It is until recently that the US government recognized data science as a job.
Companies now have a green light to hire data scientists and to build their job descriptions. People have become interested in this emerging science, but what does it mean?
What is Data Science?
Well, data science is an interdisciplinary field that combines different statistical and mathematical processes and algorithms to extract knowledge from structured or unstructured data. Data science is a concept that emerged to unify independent domains like machine learning, statistics, and data analysis.
Machine learning means studying how computer systems work to solve different algorithms, while statistics helps in collecting and organizing data based on the search for patterns in a variety of input data. Data analysis is a small part of statistics but it can exist as an independent domain that inspects and transforms modeling data.
All these small domains are united under the data science concepts to analyze and use data to extract knowledge and support the decision-making process.
Data science is a helpful and useful domain that can help people make informed decisions while discovering important information. Data scientists are the ones that can help a business extract valuable knowledge from their data.
The technologies are changing from day to day and many more dependent domains need to evolve too. Data analysis has become more and more complex and the tasks are more and more demanding.
Although in the last years it was programmers who tried to analyze data, now data scientist exists as an independent job.

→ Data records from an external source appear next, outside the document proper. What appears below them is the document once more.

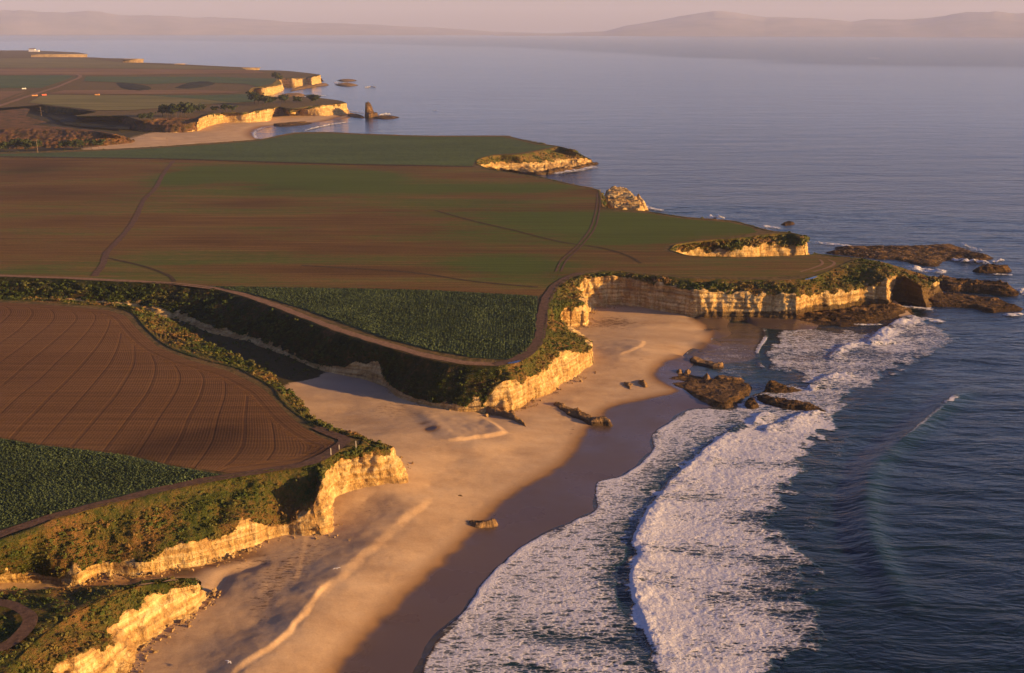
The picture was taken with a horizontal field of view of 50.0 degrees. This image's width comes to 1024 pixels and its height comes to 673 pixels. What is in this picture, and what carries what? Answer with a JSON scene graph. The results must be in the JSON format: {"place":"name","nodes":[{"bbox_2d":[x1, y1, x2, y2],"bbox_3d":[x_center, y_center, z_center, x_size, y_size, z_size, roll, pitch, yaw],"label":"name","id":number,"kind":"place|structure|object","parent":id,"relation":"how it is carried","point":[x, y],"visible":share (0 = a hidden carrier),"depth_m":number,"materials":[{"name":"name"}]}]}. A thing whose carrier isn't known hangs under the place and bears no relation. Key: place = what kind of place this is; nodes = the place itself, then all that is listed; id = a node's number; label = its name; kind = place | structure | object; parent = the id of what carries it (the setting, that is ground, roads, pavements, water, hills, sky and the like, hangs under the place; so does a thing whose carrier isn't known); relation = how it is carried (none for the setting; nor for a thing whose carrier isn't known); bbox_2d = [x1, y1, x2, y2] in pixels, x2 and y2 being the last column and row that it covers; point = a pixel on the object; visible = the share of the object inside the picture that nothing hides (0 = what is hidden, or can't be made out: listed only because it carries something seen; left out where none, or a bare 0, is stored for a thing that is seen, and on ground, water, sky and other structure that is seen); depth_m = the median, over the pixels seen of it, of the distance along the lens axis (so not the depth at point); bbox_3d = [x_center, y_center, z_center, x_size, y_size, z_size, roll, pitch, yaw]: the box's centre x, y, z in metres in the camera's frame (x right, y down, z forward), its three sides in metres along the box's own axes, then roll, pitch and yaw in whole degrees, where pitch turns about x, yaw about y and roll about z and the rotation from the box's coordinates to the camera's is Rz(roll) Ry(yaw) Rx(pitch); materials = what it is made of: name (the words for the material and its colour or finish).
{"place":"outdoors","nodes":[
{"label":"outdoors","id":0,"kind":"place"},
{"bbox_2d":[0,91,26,101],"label":"field","id":1,"kind":"structure","parent":0,"point":[4,94],"depth_m":1524.87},
{"bbox_2d":[0,599,37,650],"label":"farm track","id":2,"kind":"structure","parent":0,"point":[28,624],"depth_m":171.73,"materials":[{"name":"soil"}]},
{"bbox_2d":[0,77,74,101],"bbox_3d":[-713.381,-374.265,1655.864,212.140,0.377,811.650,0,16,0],"label":"dirt road","id":3,"kind":"structure","parent":0,"point":[4,99],"depth_m":1598.15,"materials":[{"name":"brown soil"}]},
{"bbox_2d":[0,75,75,87],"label":"field","id":4,"kind":"structure","parent":0,"point":[25,81],"depth_m":1912.15,"materials":[{"name":"plant"}]},
{"bbox_2d":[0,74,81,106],"bbox_3d":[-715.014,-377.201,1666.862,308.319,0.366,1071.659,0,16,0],"label":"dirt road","id":5,"kind":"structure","parent":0,"point":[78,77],"depth_m":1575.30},
{"bbox_2d":[0,108,111,133],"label":"hill ground","id":6,"kind":"structure","parent":0,"point":[15,118],"depth_m":1075.85,"materials":[{"name":"soil"}]},
{"bbox_2d":[31,54,86,56],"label":"cliff","id":7,"kind":"structure","parent":0,"point":[58,55],"depth_m":3897.80,"materials":[{"name":"stone"}]},
{"bbox_2d":[0,128,134,148],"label":"hill slope","id":8,"kind":"structure","parent":0,"point":[50,137],"depth_m":962.08,"materials":[{"name":"plant"}]},
{"bbox_2d":[9,138,22,146],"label":"tree","id":9,"kind":"object","parent":8,"relation":"on","point":[14,142],"visible":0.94,"depth_m":882.78,"materials":[{"name":"green plant"}]},
{"bbox_2d":[93,139,105,145],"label":"tree","id":10,"kind":"object","parent":8,"relation":"on","point":[99,142],"visible":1,"depth_m":900.97,"materials":[{"name":"green plant"}]},
{"bbox_2d":[37,105,128,120],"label":"ravine bank","id":11,"kind":"structure","parent":0,"point":[58,110],"depth_m":1236.24,"materials":[{"name":"soil"}]},
{"bbox_2d":[42,112,129,128],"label":"pond","id":12,"kind":"structure","parent":0,"point":[67,119],"depth_m":1151.33,"materials":[{"name":"liquid"}]},
{"bbox_2d":[0,578,184,672],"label":"headland ground","id":13,"kind":"structure","parent":0,"point":[15,617],"depth_m":177.58,"materials":[{"name":"plant"}]},
{"bbox_2d":[5,578,201,593],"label":"ravine bank","id":14,"kind":"structure","parent":0,"point":[170,587],"depth_m":189.68,"materials":[{"name":"stone"}]},
{"bbox_2d":[6,580,208,672],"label":"sea cliff","id":15,"kind":"structure","parent":0,"point":[132,629],"depth_m":177.96,"materials":[{"name":"stone"}]},
{"bbox_2d":[0,438,221,528],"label":"green field","id":16,"kind":"structure","parent":0,"point":[82,496],"depth_m":219.86,"materials":[{"name":"plant"}]},
{"bbox_2d":[0,58,244,69],"bbox_3d":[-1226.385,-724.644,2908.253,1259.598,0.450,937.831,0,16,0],"label":"field","id":17,"kind":"structure","parent":0,"point":[48,63],"depth_m":2781.97,"materials":[{"name":"plant"}]},
{"bbox_2d":[0,68,264,74],"bbox_3d":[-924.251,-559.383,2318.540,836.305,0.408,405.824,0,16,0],"label":"field","id":18,"kind":"structure","parent":0,"point":[59,71],"depth_m":2326.20,"materials":[{"name":"plant"}]},
{"bbox_2d":[91,160,175,275],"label":"farm track","id":19,"kind":"structure","parent":0,"point":[103,262],"depth_m":502.83,"materials":[{"name":"soil"}]},
{"bbox_2d":[123,59,143,62],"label":"cliff","id":20,"kind":"structure","parent":0,"point":[133,61],"depth_m":3308.80,"materials":[{"name":"stone"}]},
{"bbox_2d":[29,95,239,109],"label":"field","id":21,"kind":"structure","parent":0,"point":[114,102],"depth_m":1365.11,"materials":[{"name":"plant"}]},
{"bbox_2d":[48,90,240,93],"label":"field","id":22,"kind":"structure","parent":0,"point":[134,91],"depth_m":1572.19,"materials":[{"name":"plant"}]},
{"bbox_2d":[119,117,198,132],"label":"hill slope","id":23,"kind":"structure","parent":0,"point":[176,125],"depth_m":1098.33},
{"bbox_2d":[0,463,320,586],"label":"sea cliff","id":24,"kind":"structure","parent":0,"point":[206,550],"depth_m":209.43,"materials":[{"name":"stone"}]},
{"bbox_2d":[0,302,335,472],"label":"furrowed field","id":25,"kind":"structure","parent":0,"point":[95,379],"depth_m":267.51,"materials":[{"name":"soil"}]},
{"bbox_2d":[0,50,340,119],"bbox_3d":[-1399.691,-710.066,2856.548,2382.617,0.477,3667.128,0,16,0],"label":"terrace ground","id":26,"kind":"structure","parent":0,"point":[81,83],"depth_m":1667.42,"materials":[{"name":"green plant"}]},
{"bbox_2d":[116,83,150,90],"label":"scrub mound","id":27,"kind":"object","parent":26,"relation":"on","point":[131,86],"visible":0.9,"depth_m":1704.98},
{"bbox_2d":[143,112,156,120],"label":"tree","id":28,"kind":"object","parent":26,"relation":"on","point":[150,115],"visible":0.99,"depth_m":1088.81,"materials":[{"name":"green plant"}]},
{"bbox_2d":[160,104,171,114],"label":"tree","id":29,"kind":"object","parent":26,"relation":"on","point":[164,107],"visible":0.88,"depth_m":1124.43,"materials":[{"name":"green plant"}]},
{"bbox_2d":[167,103,183,112],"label":"tree","id":30,"kind":"object","parent":26,"relation":"on","point":[173,107],"visible":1,"depth_m":1118.84,"materials":[{"name":"green plant"}]},
{"bbox_2d":[179,102,193,116],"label":"tree","id":31,"kind":"object","parent":26,"relation":"on","point":[188,107],"visible":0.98,"depth_m":1124.14,"materials":[{"name":"green plant"}]},
{"bbox_2d":[175,81,214,88],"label":"scrub mound","id":32,"kind":"object","parent":26,"relation":"on","point":[198,84],"visible":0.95,"depth_m":1766.74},
{"bbox_2d":[245,91,259,103],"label":"tree","id":33,"kind":"object","parent":26,"relation":"on","point":[251,95],"visible":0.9,"depth_m":1321.17,"materials":[{"name":"green plant"}]},
{"bbox_2d":[257,92,268,104],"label":"tree","id":34,"kind":"object","parent":26,"relation":"on","point":[262,97],"visible":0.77,"depth_m":1315.57,"materials":[{"name":"green plant"}]},
{"bbox_2d":[0,107,349,151],"bbox_3d":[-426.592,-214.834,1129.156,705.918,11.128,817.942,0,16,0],"label":"beach","id":35,"kind":"structure","parent":0,"point":[223,132],"depth_m":1079.78,"materials":[{"name":"sand"}]},
{"bbox_2d":[0,141,10,148],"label":"tree","id":36,"kind":"object","parent":35,"relation":"on","point":[3,144],"visible":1,"depth_m":876.76,"materials":[{"name":"green plant"}]},
{"bbox_2d":[84,138,95,148],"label":"tree","id":37,"kind":"object","parent":35,"relation":"on","point":[92,142],"visible":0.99,"depth_m":897.69,"materials":[{"name":"green plant"}]},
{"bbox_2d":[273,121,311,126],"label":"reef","id":38,"kind":"object","parent":35,"relation":"on","point":[287,124],"visible":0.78,"depth_m":1190.25},
{"bbox_2d":[0,426,350,536],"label":"farm track","id":39,"kind":"structure","parent":0,"point":[343,441],"depth_m":218.46,"materials":[{"name":"soil"}]},
{"bbox_2d":[0,300,360,538],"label":"terrace ground","id":40,"kind":"structure","parent":0,"point":[137,324],"depth_m":285.07,"materials":[{"name":"brown soil"}]},
{"bbox_2d":[85,76,276,86],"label":"field","id":41,"kind":"structure","parent":0,"point":[257,82],"depth_m":1931.75,"materials":[{"name":"plant"}]},
{"bbox_2d":[0,297,377,444],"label":"valley bank","id":42,"kind":"structure","parent":0,"point":[279,396],"depth_m":309.57,"materials":[{"name":"plant"}]},
{"bbox_2d":[149,94,253,102],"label":"field","id":43,"kind":"structure","parent":0,"point":[232,98],"depth_m":1448.06,"materials":[{"name":"plant"}]},
{"bbox_2d":[0,276,500,413],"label":"valley bank","id":44,"kind":"structure","parent":0,"point":[370,371],"depth_m":333.59,"materials":[{"name":"plant"}]},
{"bbox_2d":[243,67,261,69],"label":"cliff","id":45,"kind":"structure","parent":0,"point":[249,68],"depth_m":2565.14,"materials":[{"name":"stone"}]},
{"bbox_2d":[0,274,512,365],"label":"farm track","id":46,"kind":"structure","parent":0,"point":[351,333],"depth_m":341.52,"materials":[{"name":"soil"}]},
{"bbox_2d":[197,102,347,130],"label":"cliff","id":47,"kind":"structure","parent":0,"point":[255,115],"depth_m":1218.07,"materials":[{"name":"stone"}]},
{"bbox_2d":[0,10,551,34],"bbox_3d":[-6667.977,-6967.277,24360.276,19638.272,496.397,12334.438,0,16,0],"label":"distant hills","id":48,"kind":"structure","parent":0,"point":[19,22],"depth_m":21910.66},
{"bbox_2d":[0,133,553,165],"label":"green field","id":49,"kind":"structure","parent":0,"point":[369,149],"depth_m":818.23,"materials":[{"name":"plant"}]},
{"bbox_2d":[249,74,321,94],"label":"cliff","id":50,"kind":"structure","parent":0,"point":[276,86],"depth_m":2003.63,"materials":[{"name":"stone"}]},
{"bbox_2d":[313,440,407,534],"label":"sea cliff","id":51,"kind":"structure","parent":0,"point":[369,468],"depth_m":237.93,"materials":[{"name":"stone"}]},
{"bbox_2d":[211,285,537,359],"bbox_3d":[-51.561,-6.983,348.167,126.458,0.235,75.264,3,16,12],"label":"green field","id":52,"kind":"structure","parent":0,"point":[414,327],"depth_m":347.28,"materials":[{"name":"plant"}]},
{"bbox_2d":[0,158,843,294],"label":"brown field","id":53,"kind":"structure","parent":0,"point":[222,223],"depth_m":498.70,"materials":[{"name":"soil"}]},
{"bbox_2d":[107,258,175,281],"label":"wheel rut","id":54,"kind":"structure","parent":53,"relation":"on","point":[172,279],"depth_m":414.59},
{"bbox_2d":[301,265,536,286],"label":"wheel rut","id":55,"kind":"structure","parent":53,"relation":"on","point":[422,273],"depth_m":404.81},
{"bbox_2d":[434,210,641,262],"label":"wheel rut","id":56,"kind":"structure","parent":53,"relation":"on","point":[635,259],"depth_m":475.53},
{"bbox_2d":[555,193,597,271],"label":"wheel rut","id":57,"kind":"structure","parent":53,"relation":"on","point":[584,236],"depth_m":482.92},
{"bbox_2d":[560,193,600,271],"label":"wheel rut","id":58,"kind":"structure","parent":53,"relation":"on","point":[561,270],"depth_m":483.00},
{"bbox_2d":[0,132,854,366],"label":"terrace ground","id":59,"kind":"structure","parent":0,"point":[442,354],"depth_m":434.27,"materials":[{"name":"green plant"}]},
{"bbox_2d":[17,139,33,150],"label":"tree","id":60,"kind":"object","parent":59,"relation":"on","point":[24,142],"visible":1,"depth_m":875.73,"materials":[{"name":"green plant"}]},
{"bbox_2d":[28,139,41,146],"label":"tree","id":61,"kind":"object","parent":59,"relation":"on","point":[34,143],"visible":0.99,"depth_m":877.12,"materials":[{"name":"green plant"}]},
{"bbox_2d":[57,140,70,149],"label":"tree","id":62,"kind":"object","parent":59,"relation":"on","point":[62,143],"visible":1,"depth_m":885.28,"materials":[{"name":"green plant"}]},
{"bbox_2d":[72,139,86,146],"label":"tree","id":63,"kind":"object","parent":59,"relation":"on","point":[80,143],"visible":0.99,"depth_m":884.56,"materials":[{"name":"green plant"}]},
{"bbox_2d":[0,156,474,166],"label":"field edge","id":64,"kind":"object","parent":59,"relation":"on","point":[244,161],"visible":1,"depth_m":750.95,"materials":[{"name":"soil"}]},
{"bbox_2d":[26,132,577,151],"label":"shore edge","id":65,"kind":"object","parent":59,"relation":"on","point":[302,132],"visible":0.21,"depth_m":893.61,"materials":[{"name":"stone"}]},
{"bbox_2d":[0,135,941,672],"bbox_3d":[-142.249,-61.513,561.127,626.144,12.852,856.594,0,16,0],"label":"scrub","id":66,"kind":"object","parent":59,"relation":"on","point":[324,467],"visible":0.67,"depth_m":315.83,"materials":[{"name":"green plant"}]},
{"bbox_2d":[476,147,591,174],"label":"cove wall","id":67,"kind":"structure","parent":59,"relation":"on","point":[533,167],"depth_m":803.87,"materials":[{"name":"stone"}]},
{"bbox_2d":[476,164,603,206],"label":"shore edge","id":68,"kind":"object","parent":59,"relation":"on","point":[602,204],"visible":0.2,"depth_m":654.04,"materials":[{"name":"stone"}]},
{"bbox_2d":[603,207,805,254],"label":"shore edge","id":69,"kind":"object","parent":59,"relation":"on","point":[708,219],"visible":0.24,"depth_m":525.36,"materials":[{"name":"plant"}]},
{"bbox_2d":[670,233,808,256],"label":"cove wall","id":70,"kind":"structure","parent":59,"relation":"on","point":[769,249],"depth_m":479.48,"materials":[{"name":"stone"}]},
{"bbox_2d":[668,249,928,276],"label":"shore edge","id":71,"kind":"object","parent":59,"relation":"on","point":[790,256],"visible":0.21,"depth_m":437.82,"materials":[{"name":"plant"}]},
{"bbox_2d":[0,300,911,672],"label":"beach","id":72,"kind":"structure","parent":0,"point":[416,558],"depth_m":233.24,"materials":[{"name":"sand"}]},
{"bbox_2d":[66,304,636,672],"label":"rubble","id":73,"kind":"object","parent":72,"relation":"on","point":[212,594],"visible":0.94,"depth_m":205.46,"materials":[{"name":"stone"}]},
{"bbox_2d":[469,518,497,527],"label":"beach rock","id":74,"kind":"object","parent":72,"relation":"on","point":[491,523],"visible":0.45,"depth_m":227.85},
{"bbox_2d":[485,406,525,426],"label":"rock ledge","id":75,"kind":"object","parent":72,"relation":"on","point":[493,410],"visible":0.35,"depth_m":289.21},
{"bbox_2d":[553,401,612,426],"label":"rock ledge","id":76,"kind":"object","parent":72,"relation":"on","point":[579,414],"visible":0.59,"depth_m":289.62,"materials":[{"name":"stone"}]},
{"bbox_2d":[623,382,632,388],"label":"boulder","id":77,"kind":"object","parent":72,"relation":"on","point":[628,384],"visible":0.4,"depth_m":317.14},
{"bbox_2d":[638,380,647,387],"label":"boulder","id":78,"kind":"object","parent":72,"relation":"on","point":[642,383],"visible":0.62,"depth_m":318.11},
{"bbox_2d":[669,373,751,408],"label":"flat reef","id":79,"kind":"object","parent":72,"relation":"on","point":[722,393],"visible":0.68,"depth_m":314.59},
{"bbox_2d":[796,302,913,326],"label":"wave cut shelf","id":80,"kind":"object","parent":72,"relation":"on","point":[870,313],"visible":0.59,"depth_m":395.14,"materials":[{"name":"stone"}]},
{"bbox_2d":[0,32,1023,211],"bbox_3d":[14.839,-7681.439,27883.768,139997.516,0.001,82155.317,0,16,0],"label":"sea","id":81,"kind":"structure","parent":0,"point":[925,121],"depth_m":1621.24,"materials":[{"name":"liquid"}]},
{"bbox_2d":[277,93,305,96],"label":"reef","id":82,"kind":"object","parent":81,"relation":"in","point":[296,94],"visible":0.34,"depth_m":1704.82},
{"bbox_2d":[289,83,328,91],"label":"reef","id":83,"kind":"object","parent":81,"relation":"in","point":[309,86],"visible":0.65,"depth_m":1957.20},
{"bbox_2d":[335,83,356,85],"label":"reef","id":84,"kind":"object","parent":81,"relation":"in","point":[345,84],"visible":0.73,"depth_m":2029.36},
{"bbox_2d":[337,79,356,81],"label":"reef","id":85,"kind":"object","parent":81,"relation":"in","point":[346,80],"visible":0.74,"depth_m":2209.78},
{"bbox_2d":[348,113,363,117],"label":"reef","id":86,"kind":"object","parent":81,"relation":"in","point":[355,115],"visible":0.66,"depth_m":1305.65},
{"bbox_2d":[372,115,399,118],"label":"reef","id":87,"kind":"object","parent":81,"relation":"in","point":[384,117],"visible":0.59,"depth_m":1287.32},
{"bbox_2d":[365,102,377,117],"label":"sea stack","id":88,"kind":"object","parent":87,"relation":"on","point":[370,112],"visible":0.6,"depth_m":1296.55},
{"bbox_2d":[546,162,598,174],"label":"shore rock","id":89,"kind":"object","parent":81,"relation":"in","point":[555,170],"visible":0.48,"depth_m":807.08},
{"bbox_2d":[554,166,596,173],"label":"sea foam","id":90,"kind":"object","parent":81,"relation":"on","point":[581,169],"visible":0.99,"depth_m":809.40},
{"bbox_2d":[0,0,1023,31],"label":"sky","id":91,"kind":"structure","parent":0,"point":[481,15],"materials":[{"name":"pink"}]},
{"bbox_2d":[492,273,582,365],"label":"farm track","id":92,"kind":"structure","parent":0,"point":[541,321],"depth_m":337.32,"materials":[{"name":"soil"}]},
{"bbox_2d":[483,330,592,411],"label":"sea cliff","id":93,"kind":"structure","parent":0,"point":[507,395],"depth_m":305.51,"materials":[{"name":"stone"}]},
{"bbox_2d":[543,271,797,359],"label":"sea cliff","id":94,"kind":"structure","parent":0,"point":[735,305],"depth_m":392.87,"materials":[{"name":"stone"}]},
{"bbox_2d":[413,196,1023,672],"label":"sea","id":95,"kind":"structure","parent":0,"point":[913,546],"depth_m":253.13,"materials":[{"name":"liquid"}]},
{"bbox_2d":[605,186,644,210],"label":"rock outcrop","id":96,"kind":"object","parent":95,"relation":"in","point":[620,198],"visible":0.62,"depth_m":626.11,"materials":[{"name":"stone"}]},
{"bbox_2d":[637,194,648,210],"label":"shore rock","id":97,"kind":"object","parent":96,"relation":"on","point":[642,201],"visible":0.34,"depth_m":632.20,"materials":[{"name":"stone"}]},
{"bbox_2d":[422,312,965,672],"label":"surf foam","id":98,"kind":"object","parent":95,"relation":"on","point":[713,581],"visible":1,"depth_m":217.26,"materials":[{"name":"liquid"}]},
{"bbox_2d":[690,356,723,368],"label":"surf rock","id":99,"kind":"object","parent":95,"relation":"in","point":[706,363],"visible":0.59,"depth_m":340.12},
{"bbox_2d":[714,375,743,381],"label":"surf rock","id":100,"kind":"object","parent":95,"relation":"in","point":[729,378],"visible":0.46,"depth_m":324.99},
{"bbox_2d":[744,397,758,408],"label":"surf rock","id":101,"kind":"object","parent":95,"relation":"in","point":[751,403],"visible":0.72,"depth_m":302.98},
{"bbox_2d":[763,380,801,392],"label":"surf rock","id":102,"kind":"object","parent":95,"relation":"in","point":[772,386],"visible":0.57,"depth_m":315.71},
{"bbox_2d":[781,221,794,225],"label":"surf rock","id":103,"kind":"object","parent":95,"relation":"in","point":[786,223],"visible":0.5,"depth_m":587.29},
{"bbox_2d":[756,394,825,411],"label":"surf rock","id":104,"kind":"object","parent":95,"relation":"in","point":[784,403],"visible":0.52,"depth_m":302.72,"materials":[{"name":"stone"}]},
{"bbox_2d":[826,244,992,266],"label":"offshore reef","id":105,"kind":"object","parent":95,"relation":"in","point":[934,255],"visible":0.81,"depth_m":507.51},
{"bbox_2d":[905,265,945,272],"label":"sea foam","id":106,"kind":"object","parent":95,"relation":"on","point":[918,268],"visible":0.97,"depth_m":474.08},
{"bbox_2d":[952,258,986,263],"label":"sea foam","id":107,"kind":"object","parent":95,"relation":"on","point":[966,259],"visible":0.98,"depth_m":492.56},
{"bbox_2d":[928,292,1022,312],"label":"offshore reef","id":108,"kind":"object","parent":95,"relation":"in","point":[982,304],"visible":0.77,"depth_m":414.50},
{"bbox_2d":[937,274,1018,295],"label":"offshore reef","id":109,"kind":"object","parent":95,"relation":"in","point":[997,287],"visible":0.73,"depth_m":437.95},
{"bbox_2d":[973,264,1011,272],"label":"offshore reef","id":110,"kind":"object","parent":95,"relation":"in","point":[990,268],"visible":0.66,"depth_m":473.55},
{"bbox_2d":[495,11,1023,36],"bbox_3d":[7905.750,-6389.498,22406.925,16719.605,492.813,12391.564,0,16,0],"label":"distant hills","id":111,"kind":"structure","parent":0,"point":[963,24],"depth_m":20082.93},
{"bbox_2d":[796,259,942,314],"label":"sea cliff","id":112,"kind":"structure","parent":0,"point":[896,288],"depth_m":408.54,"materials":[{"name":"stone"}]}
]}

Yes, it is useful to have a data scientist to help you with the decision-making process. Data analysis can provide some useful information about your business and the ecosystem within so that you can improve your business model and processes. But who needs to hire data scientists in 2020?
1. Retail Companies
Retail companies have a huge amount of data that needs to be analyzed. Here is where data scientists can help them analyze their costs and profits and plan better for the future.
Data scientists can help retail companies improve customer experience by analyzing data and providing information about their behavior. By analyzing the customer data, data scientists can recommend engines to improve the customer experience.
Also, they provide data about fraud, price optimization, and inventory management. They can also predict marketing trends and provide information to build a personalized marketing plan.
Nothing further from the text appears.